The grant from the Rural Communities Opioid Response Program of the Department of Health and Human Services was announced by Senate Republican Leader Mitch McConnell, who helped Fletcher get a $6.6 million grant to start the Fletcher Group Rural Center of Excellence two years ago. At that time, a McConnell press release said the center would serve 101 rural counties in eight states, 47 of them in Kentucky.
According to its website, the group now serves 10 states: Kentucky, Ohio, Tennessee, West Virginia, Georgia, Mississippi, Washington, Oregon, Idaho and Montana. It says the 2019 grant totaled $10.4 million, and the group got two other grants that year: $1.6 million from the Appalachian Regional Commission and $250,000 from the Kentucky Opioid Response Effort.

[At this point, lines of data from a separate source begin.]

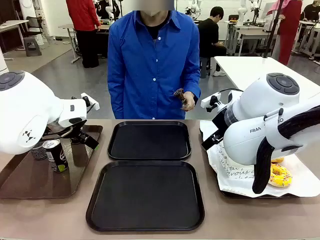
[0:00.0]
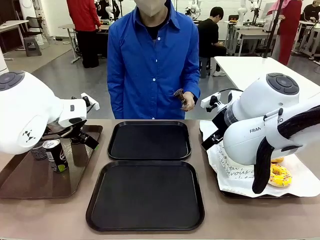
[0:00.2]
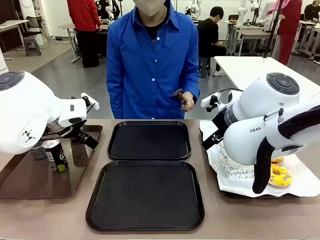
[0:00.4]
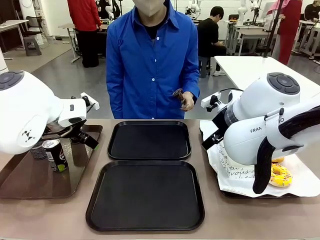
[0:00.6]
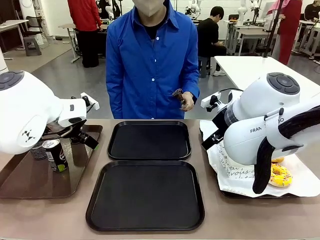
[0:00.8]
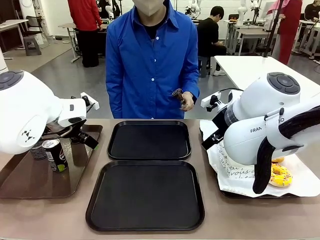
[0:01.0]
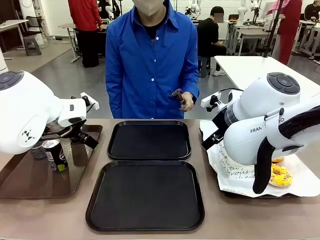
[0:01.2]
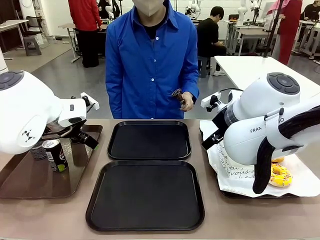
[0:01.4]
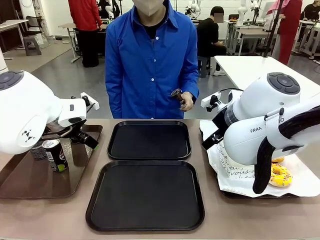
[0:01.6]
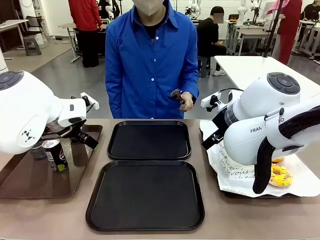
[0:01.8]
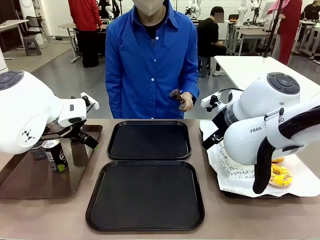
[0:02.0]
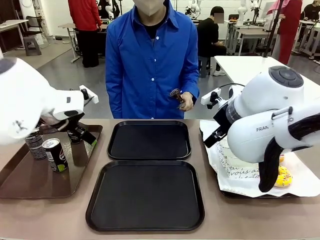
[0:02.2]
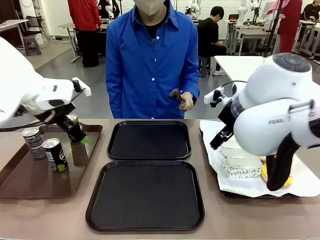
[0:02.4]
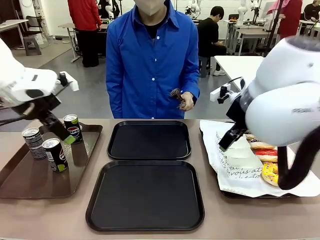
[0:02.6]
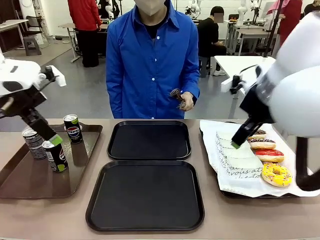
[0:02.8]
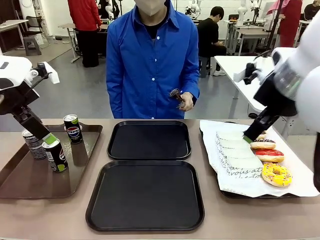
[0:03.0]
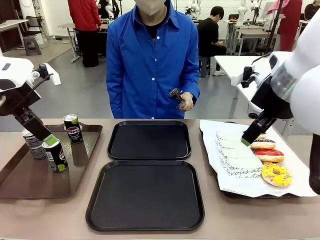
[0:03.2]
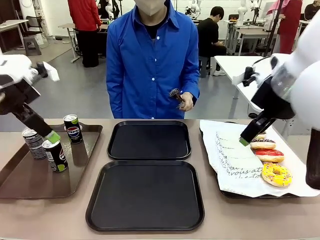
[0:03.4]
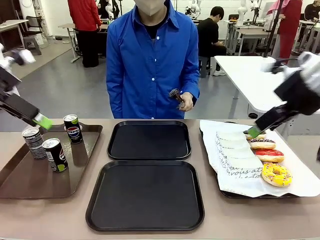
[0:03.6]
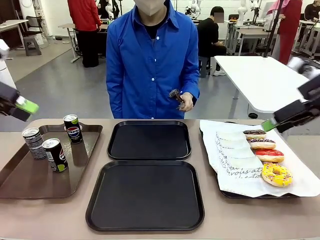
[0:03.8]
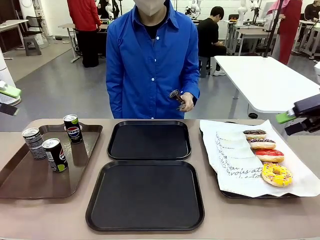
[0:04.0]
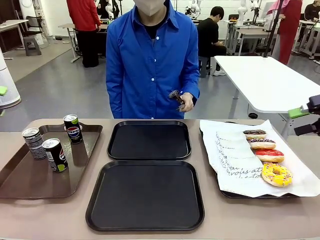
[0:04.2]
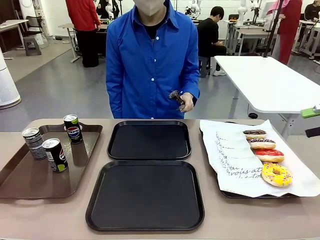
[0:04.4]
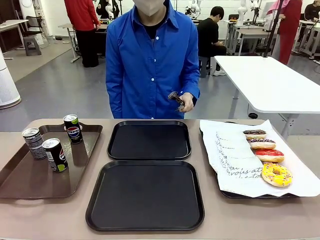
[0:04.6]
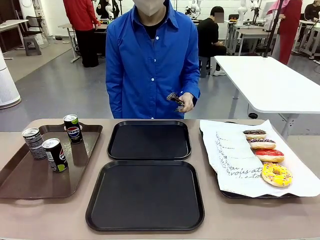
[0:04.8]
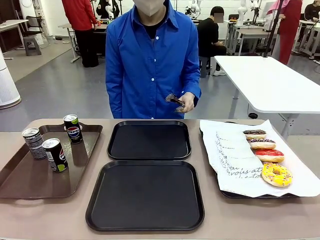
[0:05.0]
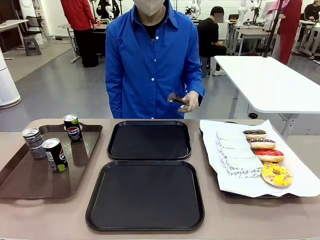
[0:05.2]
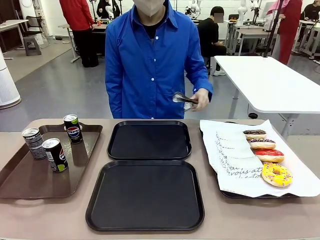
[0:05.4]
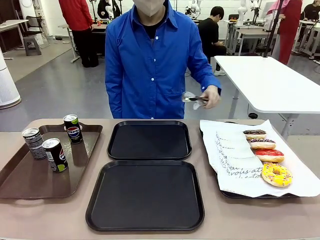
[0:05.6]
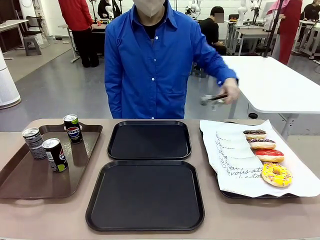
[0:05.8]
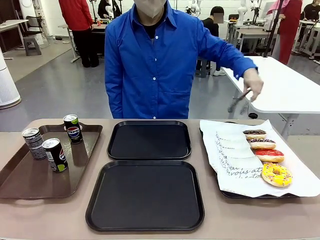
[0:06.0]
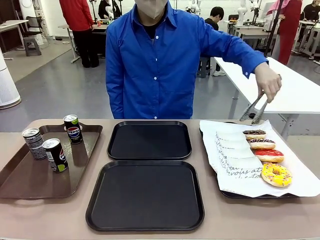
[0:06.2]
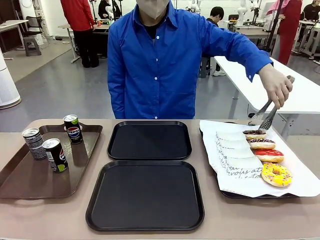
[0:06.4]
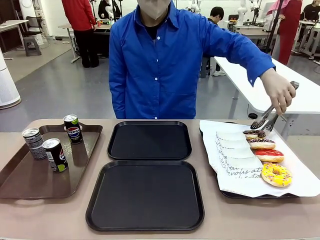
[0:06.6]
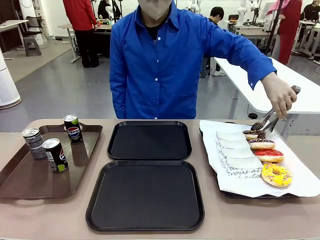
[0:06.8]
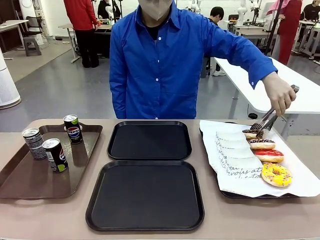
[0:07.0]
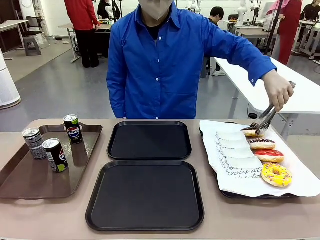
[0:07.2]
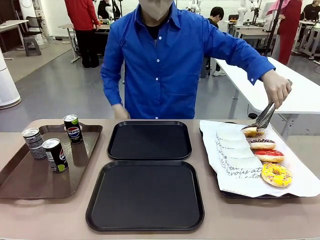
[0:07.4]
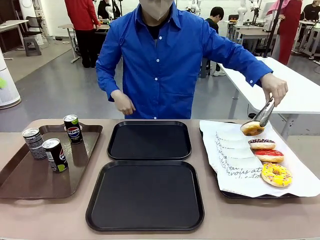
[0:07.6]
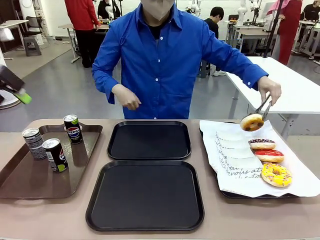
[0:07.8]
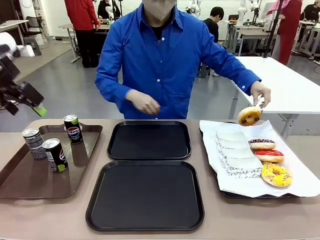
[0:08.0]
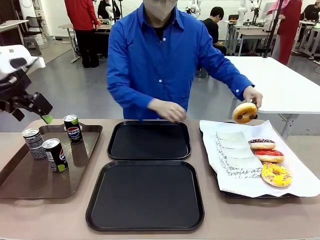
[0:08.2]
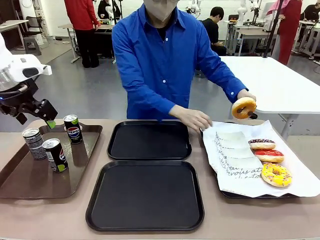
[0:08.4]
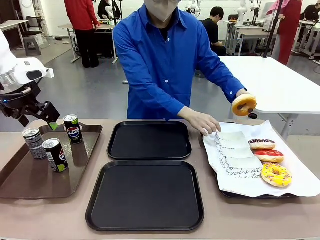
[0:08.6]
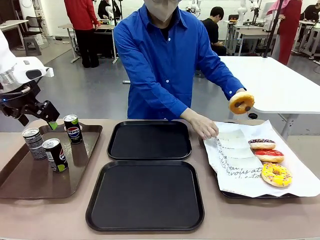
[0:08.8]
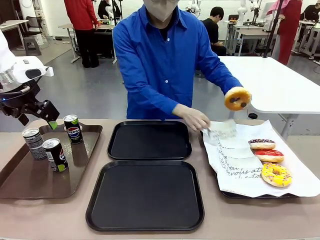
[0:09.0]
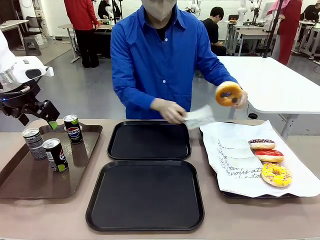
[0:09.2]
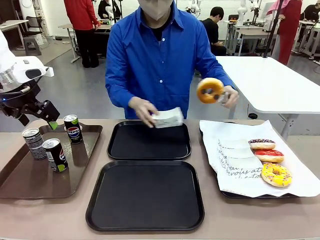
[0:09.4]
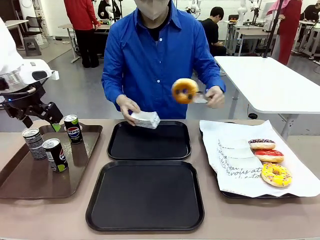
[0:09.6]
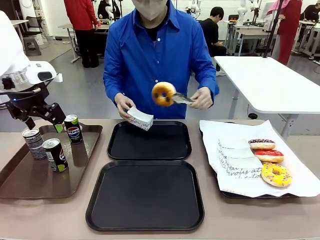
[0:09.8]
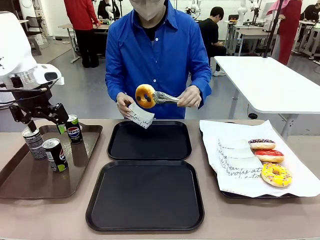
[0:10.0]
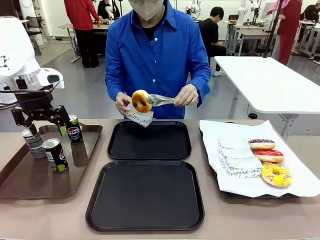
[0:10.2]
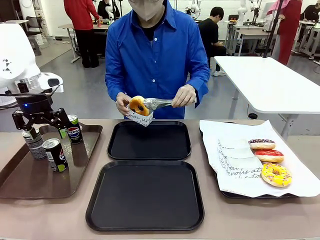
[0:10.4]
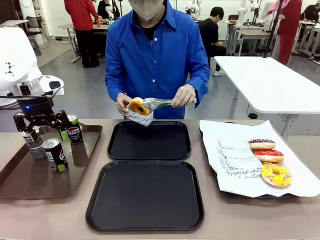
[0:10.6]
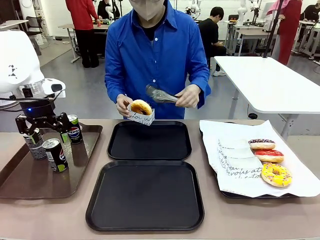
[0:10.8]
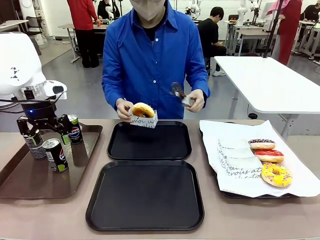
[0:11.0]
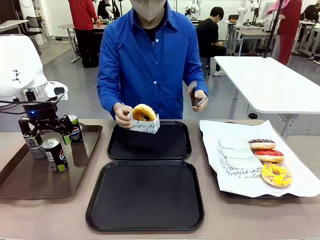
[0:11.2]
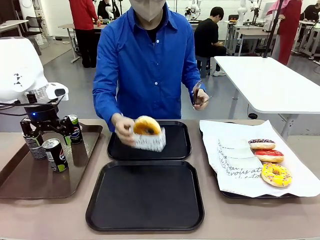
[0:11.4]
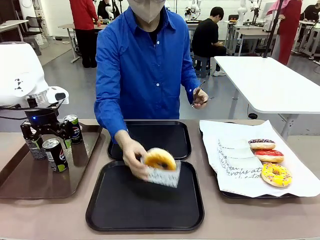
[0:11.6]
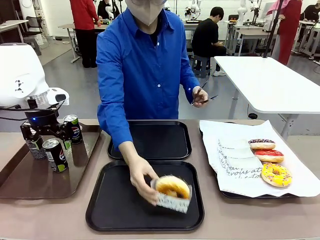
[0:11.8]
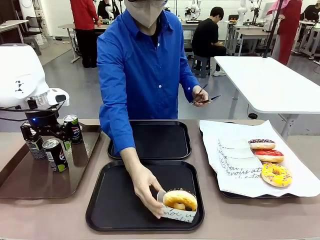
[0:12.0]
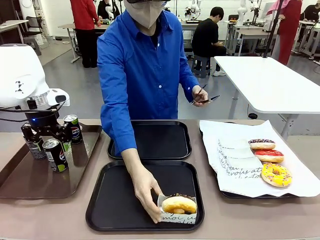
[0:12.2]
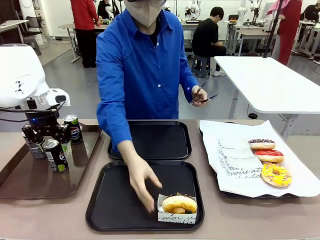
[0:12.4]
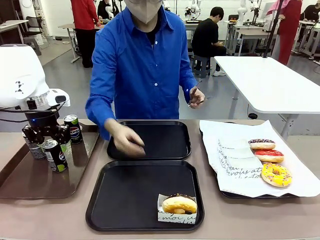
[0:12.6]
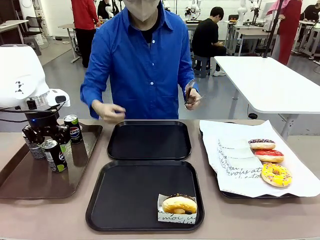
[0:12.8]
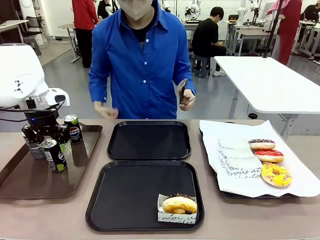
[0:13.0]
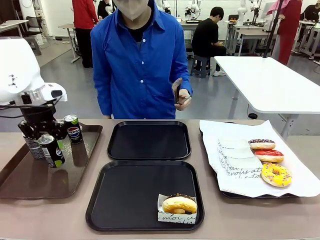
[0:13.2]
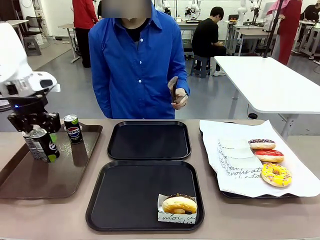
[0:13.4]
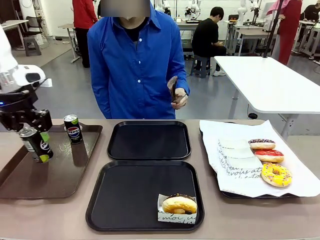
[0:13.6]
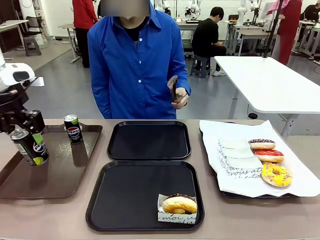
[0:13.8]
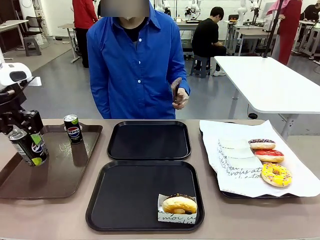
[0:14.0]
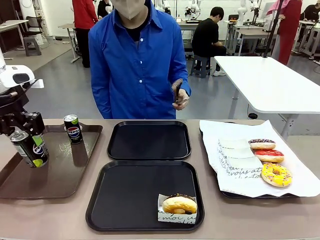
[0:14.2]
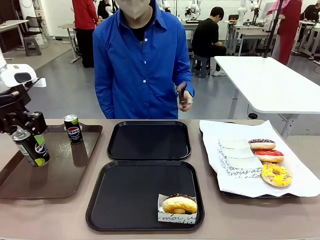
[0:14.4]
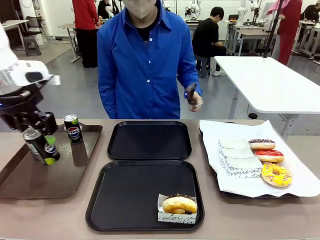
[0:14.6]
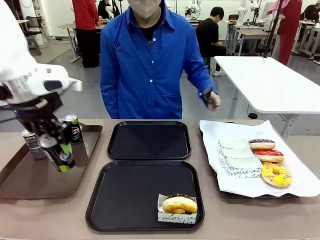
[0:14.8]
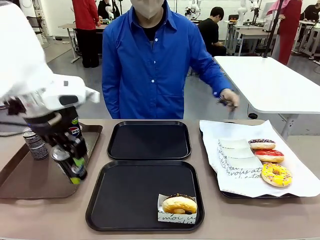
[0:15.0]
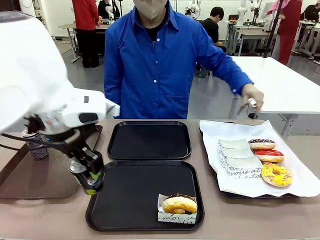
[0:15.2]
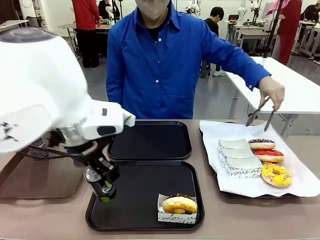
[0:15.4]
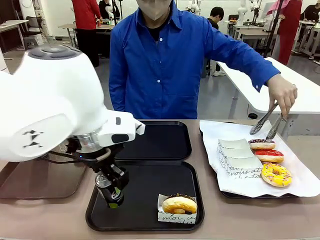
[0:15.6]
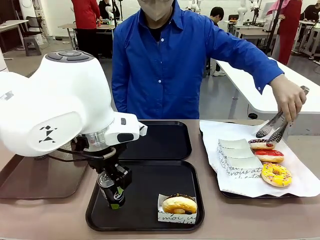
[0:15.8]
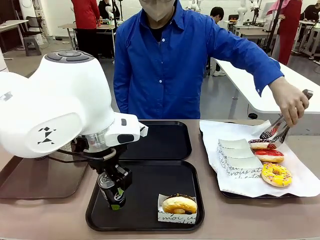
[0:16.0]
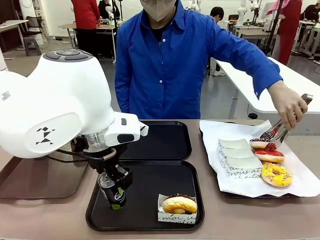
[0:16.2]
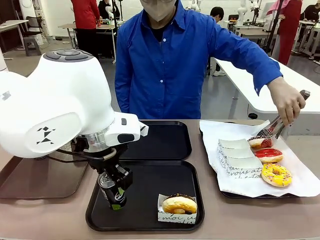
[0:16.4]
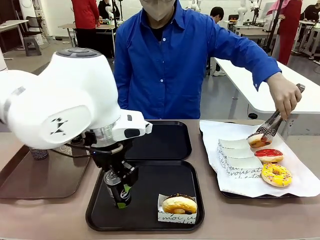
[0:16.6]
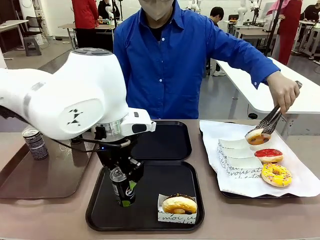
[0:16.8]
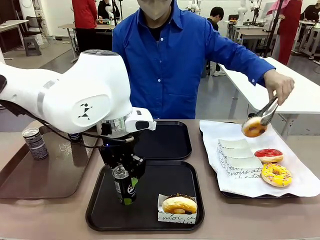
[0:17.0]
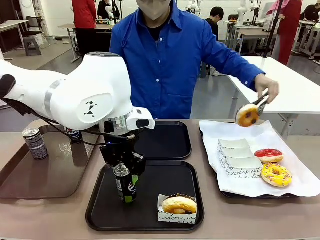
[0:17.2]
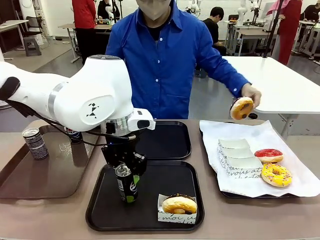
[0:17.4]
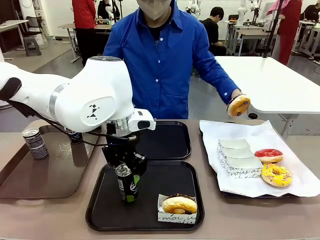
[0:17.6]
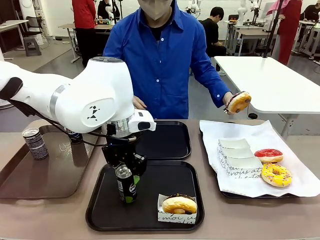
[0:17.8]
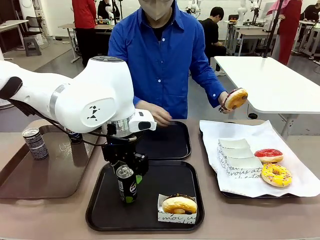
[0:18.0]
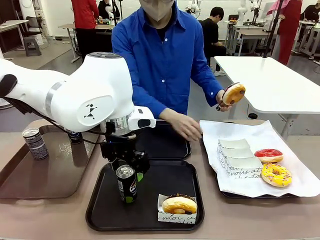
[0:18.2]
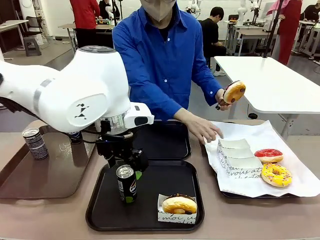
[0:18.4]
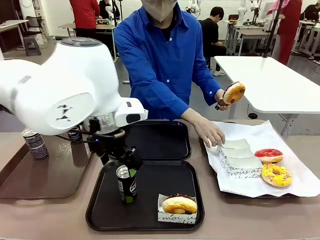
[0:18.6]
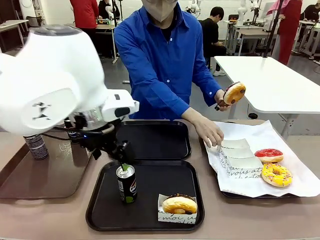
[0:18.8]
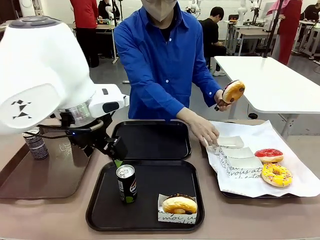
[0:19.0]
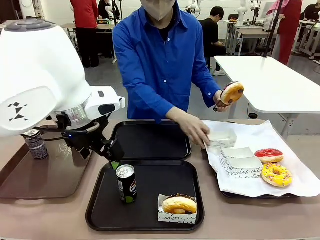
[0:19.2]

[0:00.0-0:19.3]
Task: Set up donuts and drinks on trays.
Robot: Pick up one Pepsi coke and place it on the Flat Tray.

“Driven by the isolation caused by the coronavirus pandemic and the flood of dangerous fentanyl coming across our borders, this past year the commonwealth suffered one of the worst spikes in overdose deaths in the nation, McConnell said in the latest release. “With the targeted prevention, treatment, and enforcement programs at organizations like the Fletcher Group, Kentucky’s rural communities will be empowered to fight addiction and put an end to this crisis.”
Fletcher said in the release, “We thank Senator McConnell for his long-standing and steadfast support for addiction services and recovery housing for those with substance use disorders. . . . Recovery housing has successfully demonstrated positive long-term outcomes for high-risk individuals dealing with addiction.”